Every entry below has to appear again in your reply, word for word, but no picture may.

Stored data entries
----
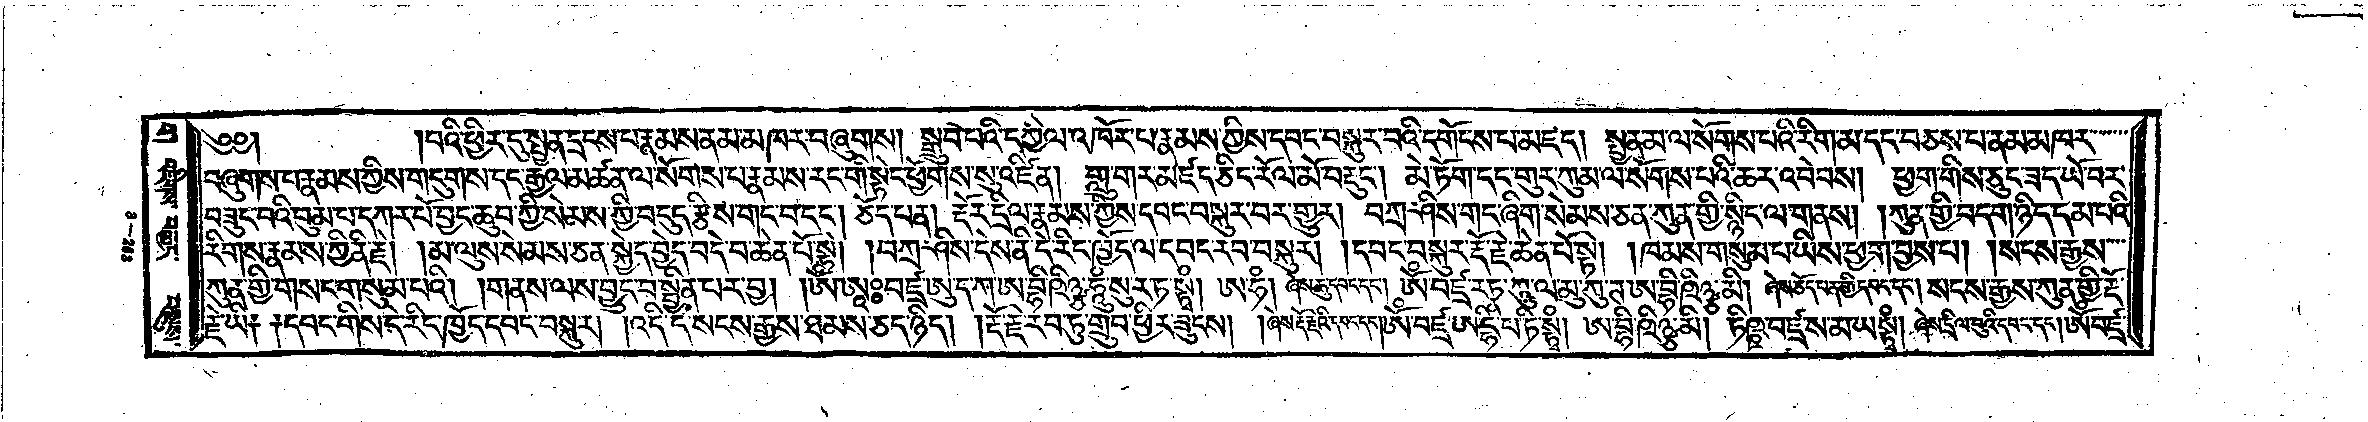༄༅། །པའི་ཕྱིར་དུ་སྤྱན་དྲངས་པ་རྣམས་ནམ་མཁར་བཞུགས། སྒྲུབ་པའི་དཀྱིལ་འཁོར་པ་རྣམས་ཀྱིས་དབང་བསྐུར་བའི་དགོངས་པ་མཛད། སྤྱན་མ་ལ་སོགས་པའི་རིག་མ་དང་བཅས་པ་ནམ་མཁར་
བཞུགས་པ་རྣམས་ཀྱིས་གདུགས་དང་རྒྱལ་མཚན་ལ་སོགས་པ་རྣམས་རང་གི་སྟེང་ཕྱོགས་སུ་འཛིན། གླུ་གར་མཛད་ཅིང་རོལ་མོ་བརྡུང་། མེ་ཏོག་དང་གུར་ཀུམ་ལ་སོགས་པའི་ཆར་འབེབས། ཕྱག་གིས་ཅུང་ཟད་ཡོ་བར་
བཟུང་བའི་བུམ་པ་དཀར་པོ་བྱང་ཆུབ་ཀྱི་སེམས་ཀྱི་བདུད་རྩིས་གང་པ་དང་། ཅོད་པ་ན། རྡོར་དྲིལ་རྣམས་ཀྱིས་དབང་བསྐུར་བར་གྱུར། བཀྲ་ཤིས་གང་ཞིག་སེམས་ཅན་ཀུན་གྱི་སྙིང་ལ་གནས། །ཀུན་གྱི་བདག་ཉིད་དམ་པའི་
རིགས་རྣམས་ཀྱི་ནི་རྗེ། །མ་ལུས་སེམས་ཅན་སྐྱེད་བྱེད་བདེ་བ་ཆེན་པོ་སྟེ། །བཀྲ་ཤིས་དེས་ནི་དེ་རིང་ཁྱོད་ལ་དབང་རབ་བསྐུར། །དབང་བསྐུར་རྡོ་རྗེ་ཆེན་པོ་སྟེ། །ཁམས་གསུམ་པ་ཡིས་ཕྱག་བྱས་པ། །སངས་རྒྱས་
ཀུན་གྱི་གསང་གསུམ་པའི། །གནས་ལས་བྱུང་བ་སྦྱིན་པར་བྱ། །ཨོཾ་ཨཱཿབཛྲ་ཨུ་ད་ཀ་ཨ་བྷི་ཥིཉྩ་ཧཱུཾ་སུ་ར་ཏ་སྟྭཾ། ཨ་ཧཾ། ཞེས་ཆུ་དབང་དང་།  ཨོཾ་བཛྲ་རཏྣ་ཀཱུ་ལ་མུ་ཀུ་ཊ་ཨ་བྷི་ཥིཉྩ་མི། ཞེས་ཅོད་པན་གྱི་དབང་དང་།  སངས་རྒྱས་ཀུན་གྱི་རྡོ་
རྗེ་ཡི༑ ༑དབང་གིས་དེ་རིང་ཁྱོད་དབང་བསྐུར། །འདི་དེ་སངས་རྒྱས་ཐམས་ཅད་ཉིད། །རྡོ་རྗེ་རབ་ཏུ་གྲུབ་ཕྱིར་ཟུངས། །ཞེས་རྡོ་རྗེའི་དབང་དང་།  ཨོཾ་བཛྲ་ཨིདྷི་པ་ཏི་སྟྭཾ། ཨ་བྷི་ཥིཉྩ་མི། ཏིཥཊཿཨ་བཛྲ་ས་མ་ཡ་སྟྭཾ། ཞེས་དྲིལ་བུའི་དབང་དང་།  ཨོཾ་བཛྲ་
----
Solution to the problem:
༄༅། །པའི་ཕྱིར་དུ་སྤྱན་དྲངས་པ་རྣམས་ནམ་མཁར་བཞུགས། སྒྲུབ་པའི་དཀྱིལ་འཁོར་པ་རྣམས་ཀྱིས་དབང་བསྐུར་བའི་དགོངས་པ་མཛད། སྤྱན་མ་ལ་སོགས་པའི་རིག་མ་དང་བཅས་པ་ནམ་མཁར་
བཞུགས་པ་རྣམས་ཀྱིས་གདུགས་དང་རྒྱལ་མཚན་ལ་སོགས་པ་རྣམས་རང་གི་སྟེང་ཕྱོགས་སུ་འཛིན། གླུ་གར་མཛད་ཅིང་རོལ་མོ་བརྡུང་། མེ་ཏོག་དང་གུར་ཀུམ་ལ་སོགས་པའི་ཆར་འབེབས། ཕྱག་གིས་ཅུང་ཟད་ཡོ་བར་
བཟུང་བའི་བུམ་པ་དཀར་པོ་བྱང་ཆུབ་ཀྱི་སེམས་ཀྱི་བདུད་རྩིས་གང་པ་དང་། ཅོད་པ་ན། རྡོར་དྲིལ་རྣམས་ཀྱིས་དབང་བསྐུར་བར་གྱུར། བཀྲ་ཤིས་གང་ཞིག་སེམས་ཅན་ཀུན་གྱི་སྙིང་ལ་གནས། །ཀུན་གྱི་བདག་ཉིད་དམ་པའི་
རིགས་རྣམས་ཀྱི་ནི་རྗེ། །མ་ལུས་སེམས་ཅན་སྐྱེད་བྱེད་བདེ་བ་ཆེན་པོ་སྟེ། །བཀྲ་ཤིས་དེས་ནི་དེ་རིང་ཁྱོད་ལ་དབང་རབ་བསྐུར། །དབང་བསྐུར་རྡོ་རྗེ་ཆེན་པོ་སྟེ། །ཁམས་གསུམ་པ་ཡིས་ཕྱག་བྱས་པ། །སངས་རྒྱས་
ཀུན་གྱི་གསང་གསུམ་པའི། །གནས་ལས་བྱུང་བ་སྦྱིན་པར་བྱ། །ཨོཾ་ཨཱཿབཛྲ་ཨུ་ད་ཀ་ཨ་བྷི་ཥིཉྩ་ཧཱུཾ་སུ་ར་ཏ་སྟྭཾ། ཨ་ཧཾ། ཞེས་ཆུ་དབང་དང་།  ཨོཾ་བཛྲ་རཏྣ་ཀཱུ་ལ་མུ་ཀུ་ཊ་ཨ་བྷི་ཥིཉྩ་མི། ཞེས་ཅོད་པན་གྱི་དབང་དང་།  སངས་རྒྱས་ཀུན་གྱི་རྡོ་
རྗེ་ཡི༑ ༑དབང་གིས་དེ་རིང་ཁྱོད་དབང་བསྐུར། །འདི་དེ་སངས་རྒྱས་ཐམས་ཅད་ཉིད། །རྡོ་རྗེ་རབ་ཏུ་གྲུབ་ཕྱིར་ཟུངས། །ཞེས་རྡོ་རྗེའི་དབང་དང་།  ཨོཾ་བཛྲ་ཨིདྷི་པ་ཏི་སྟྭཾ། ཨ་བྷི་ཥིཉྩ་མི། ཏིཥཊཿཨ་བཛྲ་ས་མ་ཡ་སྟྭཾ། ཞེས་དྲིལ་བུའི་དབང་དང་།  ཨོཾ་བཛྲ་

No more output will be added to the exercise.